Small particles can have big consequences for electronics in space missions
Several space missions planned by the European Space Agency and NASA have their target set on Jupiter and its moons. The extraordinarily harsh radiation environments in the Jovian system will set some strict requirements for the electronics inside the spacecraft. To ensure the proper function of the spacecraft, it is important to understand and quantify the physical mechanisms causing the errors in the electronics, specifically by electrons. In her dissertation at University of Jyväskylä Maris Tali proved that single light particles, like electrons and low energy protons are capable of inducing effects in electronics that are usually not considered.
Modern space missions carry a large amount of highly-integrated electronic devices. One of these missions is the JUICE mission by the European Space Agency (ESA), whose main task is to study the Jovian system and the icy moons of Jupiter. This radiation environment will pose some unique challenges to the mission.
Similarly, high-energy physics experiments often feature environments of extreme radiation. One of these large high-energy accelerators is the Large Hadron Collider at CERN in Geneva, Switzerland.
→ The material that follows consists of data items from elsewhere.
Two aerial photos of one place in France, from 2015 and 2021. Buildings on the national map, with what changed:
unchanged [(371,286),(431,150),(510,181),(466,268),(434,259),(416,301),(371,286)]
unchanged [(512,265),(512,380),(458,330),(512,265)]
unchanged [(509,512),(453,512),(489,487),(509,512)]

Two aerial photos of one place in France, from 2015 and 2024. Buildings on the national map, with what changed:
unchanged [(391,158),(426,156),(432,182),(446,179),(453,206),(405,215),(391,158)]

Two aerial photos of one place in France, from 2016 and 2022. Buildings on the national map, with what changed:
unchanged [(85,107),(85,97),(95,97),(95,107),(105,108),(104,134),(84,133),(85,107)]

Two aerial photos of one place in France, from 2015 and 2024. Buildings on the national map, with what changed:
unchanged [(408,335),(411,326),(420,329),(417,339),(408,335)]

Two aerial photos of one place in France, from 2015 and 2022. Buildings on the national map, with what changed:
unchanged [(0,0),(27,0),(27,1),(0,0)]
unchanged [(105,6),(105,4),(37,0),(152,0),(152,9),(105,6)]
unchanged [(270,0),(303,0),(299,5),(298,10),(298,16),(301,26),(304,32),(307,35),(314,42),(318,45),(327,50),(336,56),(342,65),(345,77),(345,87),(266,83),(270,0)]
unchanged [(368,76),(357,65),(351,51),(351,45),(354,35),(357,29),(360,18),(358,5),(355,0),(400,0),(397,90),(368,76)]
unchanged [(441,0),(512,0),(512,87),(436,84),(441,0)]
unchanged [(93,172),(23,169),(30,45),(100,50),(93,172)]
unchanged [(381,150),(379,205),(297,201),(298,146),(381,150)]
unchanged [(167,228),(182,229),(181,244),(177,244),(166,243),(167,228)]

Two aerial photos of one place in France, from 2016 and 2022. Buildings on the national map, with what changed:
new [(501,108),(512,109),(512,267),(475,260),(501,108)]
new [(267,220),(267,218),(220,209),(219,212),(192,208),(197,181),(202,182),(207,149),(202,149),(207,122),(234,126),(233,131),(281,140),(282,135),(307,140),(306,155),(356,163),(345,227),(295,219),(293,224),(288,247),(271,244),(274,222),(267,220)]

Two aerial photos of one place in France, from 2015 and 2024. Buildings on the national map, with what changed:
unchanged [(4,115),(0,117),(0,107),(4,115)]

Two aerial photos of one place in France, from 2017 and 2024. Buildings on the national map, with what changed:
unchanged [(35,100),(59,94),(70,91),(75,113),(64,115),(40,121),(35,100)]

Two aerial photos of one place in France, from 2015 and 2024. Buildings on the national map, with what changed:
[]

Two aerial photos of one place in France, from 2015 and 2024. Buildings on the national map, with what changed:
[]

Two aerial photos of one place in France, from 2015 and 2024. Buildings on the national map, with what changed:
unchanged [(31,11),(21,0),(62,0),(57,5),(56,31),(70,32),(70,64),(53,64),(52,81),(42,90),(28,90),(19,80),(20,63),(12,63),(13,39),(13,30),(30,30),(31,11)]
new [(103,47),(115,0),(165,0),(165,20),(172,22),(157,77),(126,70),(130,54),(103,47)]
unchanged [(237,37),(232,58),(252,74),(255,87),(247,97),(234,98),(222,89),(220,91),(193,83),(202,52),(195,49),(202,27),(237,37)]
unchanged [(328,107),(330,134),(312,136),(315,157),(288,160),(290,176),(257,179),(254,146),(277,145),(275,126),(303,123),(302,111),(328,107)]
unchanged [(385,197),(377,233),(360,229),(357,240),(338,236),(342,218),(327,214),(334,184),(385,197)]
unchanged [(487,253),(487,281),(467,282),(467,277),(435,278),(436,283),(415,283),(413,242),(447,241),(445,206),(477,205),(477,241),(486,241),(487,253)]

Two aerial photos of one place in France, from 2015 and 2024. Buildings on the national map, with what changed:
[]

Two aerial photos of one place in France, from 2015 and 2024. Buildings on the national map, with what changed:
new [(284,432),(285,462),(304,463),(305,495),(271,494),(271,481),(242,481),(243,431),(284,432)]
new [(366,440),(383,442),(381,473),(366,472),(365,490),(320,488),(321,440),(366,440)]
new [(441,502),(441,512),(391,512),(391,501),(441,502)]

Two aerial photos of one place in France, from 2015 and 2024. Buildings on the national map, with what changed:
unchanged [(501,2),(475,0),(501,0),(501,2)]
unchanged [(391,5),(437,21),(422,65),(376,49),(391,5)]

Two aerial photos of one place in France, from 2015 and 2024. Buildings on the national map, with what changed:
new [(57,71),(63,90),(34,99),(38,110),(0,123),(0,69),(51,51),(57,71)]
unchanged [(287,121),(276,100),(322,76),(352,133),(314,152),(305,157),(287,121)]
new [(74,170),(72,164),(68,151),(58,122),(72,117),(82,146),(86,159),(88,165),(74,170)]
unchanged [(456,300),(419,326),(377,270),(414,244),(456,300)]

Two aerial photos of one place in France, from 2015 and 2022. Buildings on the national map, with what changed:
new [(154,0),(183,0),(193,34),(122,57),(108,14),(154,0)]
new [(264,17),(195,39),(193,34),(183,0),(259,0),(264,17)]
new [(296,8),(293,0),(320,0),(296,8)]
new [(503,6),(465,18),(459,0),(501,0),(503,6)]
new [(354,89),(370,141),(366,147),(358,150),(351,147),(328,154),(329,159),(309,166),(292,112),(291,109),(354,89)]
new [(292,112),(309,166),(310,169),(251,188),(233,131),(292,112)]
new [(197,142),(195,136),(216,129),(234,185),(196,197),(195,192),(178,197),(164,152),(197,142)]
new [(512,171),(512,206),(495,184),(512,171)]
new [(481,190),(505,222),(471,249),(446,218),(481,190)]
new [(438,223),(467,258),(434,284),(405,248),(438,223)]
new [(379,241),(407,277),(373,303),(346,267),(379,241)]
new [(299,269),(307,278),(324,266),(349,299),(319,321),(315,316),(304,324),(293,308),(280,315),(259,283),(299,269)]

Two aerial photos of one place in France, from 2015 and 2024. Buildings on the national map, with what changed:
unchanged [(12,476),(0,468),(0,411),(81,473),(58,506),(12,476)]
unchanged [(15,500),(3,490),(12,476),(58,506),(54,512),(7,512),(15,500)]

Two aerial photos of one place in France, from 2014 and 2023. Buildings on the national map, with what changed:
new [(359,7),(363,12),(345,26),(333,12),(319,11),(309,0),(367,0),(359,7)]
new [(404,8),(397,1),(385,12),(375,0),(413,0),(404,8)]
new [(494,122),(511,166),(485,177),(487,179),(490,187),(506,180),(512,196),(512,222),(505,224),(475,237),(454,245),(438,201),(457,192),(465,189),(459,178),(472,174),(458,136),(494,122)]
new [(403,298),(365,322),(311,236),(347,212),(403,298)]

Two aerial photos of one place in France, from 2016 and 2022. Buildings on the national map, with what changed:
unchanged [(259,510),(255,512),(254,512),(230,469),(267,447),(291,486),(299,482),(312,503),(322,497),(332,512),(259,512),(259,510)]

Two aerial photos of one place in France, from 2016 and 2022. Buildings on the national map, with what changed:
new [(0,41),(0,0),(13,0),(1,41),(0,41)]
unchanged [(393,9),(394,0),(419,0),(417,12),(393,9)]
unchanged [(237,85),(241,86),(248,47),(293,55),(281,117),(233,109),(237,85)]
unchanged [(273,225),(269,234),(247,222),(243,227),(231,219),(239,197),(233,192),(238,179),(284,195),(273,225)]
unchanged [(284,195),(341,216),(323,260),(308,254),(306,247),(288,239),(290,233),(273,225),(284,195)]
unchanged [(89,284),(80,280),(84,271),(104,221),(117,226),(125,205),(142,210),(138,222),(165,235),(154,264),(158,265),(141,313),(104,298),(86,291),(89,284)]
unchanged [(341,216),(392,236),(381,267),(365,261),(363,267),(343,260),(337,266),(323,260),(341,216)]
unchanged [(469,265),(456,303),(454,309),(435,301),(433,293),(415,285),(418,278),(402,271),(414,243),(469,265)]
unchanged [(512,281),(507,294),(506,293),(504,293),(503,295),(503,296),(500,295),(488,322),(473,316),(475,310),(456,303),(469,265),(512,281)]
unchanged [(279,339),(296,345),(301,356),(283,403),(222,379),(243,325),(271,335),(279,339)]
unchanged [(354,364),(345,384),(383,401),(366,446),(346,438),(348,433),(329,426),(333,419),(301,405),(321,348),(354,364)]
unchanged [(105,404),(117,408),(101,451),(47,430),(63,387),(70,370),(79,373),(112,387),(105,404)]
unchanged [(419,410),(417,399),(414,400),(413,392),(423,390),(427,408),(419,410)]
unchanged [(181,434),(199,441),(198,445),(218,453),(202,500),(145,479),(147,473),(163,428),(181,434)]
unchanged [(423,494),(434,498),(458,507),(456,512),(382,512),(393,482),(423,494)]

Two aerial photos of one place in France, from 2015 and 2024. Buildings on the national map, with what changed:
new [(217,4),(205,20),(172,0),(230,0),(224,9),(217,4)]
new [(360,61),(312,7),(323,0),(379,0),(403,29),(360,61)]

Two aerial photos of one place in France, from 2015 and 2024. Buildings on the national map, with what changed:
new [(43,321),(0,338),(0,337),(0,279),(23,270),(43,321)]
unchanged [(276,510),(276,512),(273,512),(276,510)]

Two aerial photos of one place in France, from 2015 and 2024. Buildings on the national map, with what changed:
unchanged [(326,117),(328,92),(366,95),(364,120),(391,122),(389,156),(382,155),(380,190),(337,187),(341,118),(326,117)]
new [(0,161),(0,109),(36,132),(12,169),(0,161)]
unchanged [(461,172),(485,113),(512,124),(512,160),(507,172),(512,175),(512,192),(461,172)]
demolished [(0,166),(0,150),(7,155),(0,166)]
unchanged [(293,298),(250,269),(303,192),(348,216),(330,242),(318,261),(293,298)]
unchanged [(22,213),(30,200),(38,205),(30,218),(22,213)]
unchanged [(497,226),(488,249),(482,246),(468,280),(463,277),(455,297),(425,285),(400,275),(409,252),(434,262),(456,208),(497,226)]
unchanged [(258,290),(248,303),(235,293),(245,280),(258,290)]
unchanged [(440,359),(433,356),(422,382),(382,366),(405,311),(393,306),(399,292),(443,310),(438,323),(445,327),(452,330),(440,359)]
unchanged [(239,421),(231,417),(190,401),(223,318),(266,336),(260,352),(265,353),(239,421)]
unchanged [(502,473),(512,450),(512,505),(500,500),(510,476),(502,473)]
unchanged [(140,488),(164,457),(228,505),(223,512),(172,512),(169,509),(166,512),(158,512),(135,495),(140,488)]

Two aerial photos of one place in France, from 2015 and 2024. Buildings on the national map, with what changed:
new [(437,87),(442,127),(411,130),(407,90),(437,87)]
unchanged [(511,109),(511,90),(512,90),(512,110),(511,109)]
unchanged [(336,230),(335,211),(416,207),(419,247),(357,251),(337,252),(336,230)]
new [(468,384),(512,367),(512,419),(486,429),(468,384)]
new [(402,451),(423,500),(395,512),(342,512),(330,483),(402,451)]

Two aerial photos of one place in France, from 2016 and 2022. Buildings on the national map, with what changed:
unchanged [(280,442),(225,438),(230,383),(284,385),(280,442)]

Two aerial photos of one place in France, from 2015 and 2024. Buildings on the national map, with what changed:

Such accelerators require large amounts of electronics both close to the accelerator ring itself and in nearby shielded alcoves.
"Both the space agencies and the high-energy physics experiments face similar problems when dealing with the harmful effects that radiation poses to electronics. In recent years, the collaboration agreements for example between CERN and ESA are paving the way for tackling these complex problems," says Maris Tali.
Need for speed makes electronics more vulnerable
The technological evolution has steadily increased the density and decreased the size of the transistors in the components. This has made the devices much faster, but the same time more vulnerable to new types and lower amounts of radiation compared to older technologies.
This dissertation concentrates on the effects induced by energetic electrons and low energy protons in modern devices.
"People have only recently started to investigate in detail the electron-induced direct and indirect ionization effects, and their potentially destructive effects for space missions and experiments. Now these effects are considered more seriously, especially for missions like JUICE by ESA," says Tali.
Even single particles need to be considered when designing robust electronics
In this work, irradiation facilities at both CERN and at RADEF in the University of Jyväskylä were used to experimentally characterise the effects. New experimental data gives indications that single light particles, like electrons and low energy protons are capable of inducing effects that are usually not considered. Several device generations and types were studied to underline that the physical mechanisms in the induced errors are similar to those of heavier particles.
"For more effective radiation hardness assurance for these "new types" of particles we need to quantify and understand the mechanisms behind them to avoid costly failures," Tali says.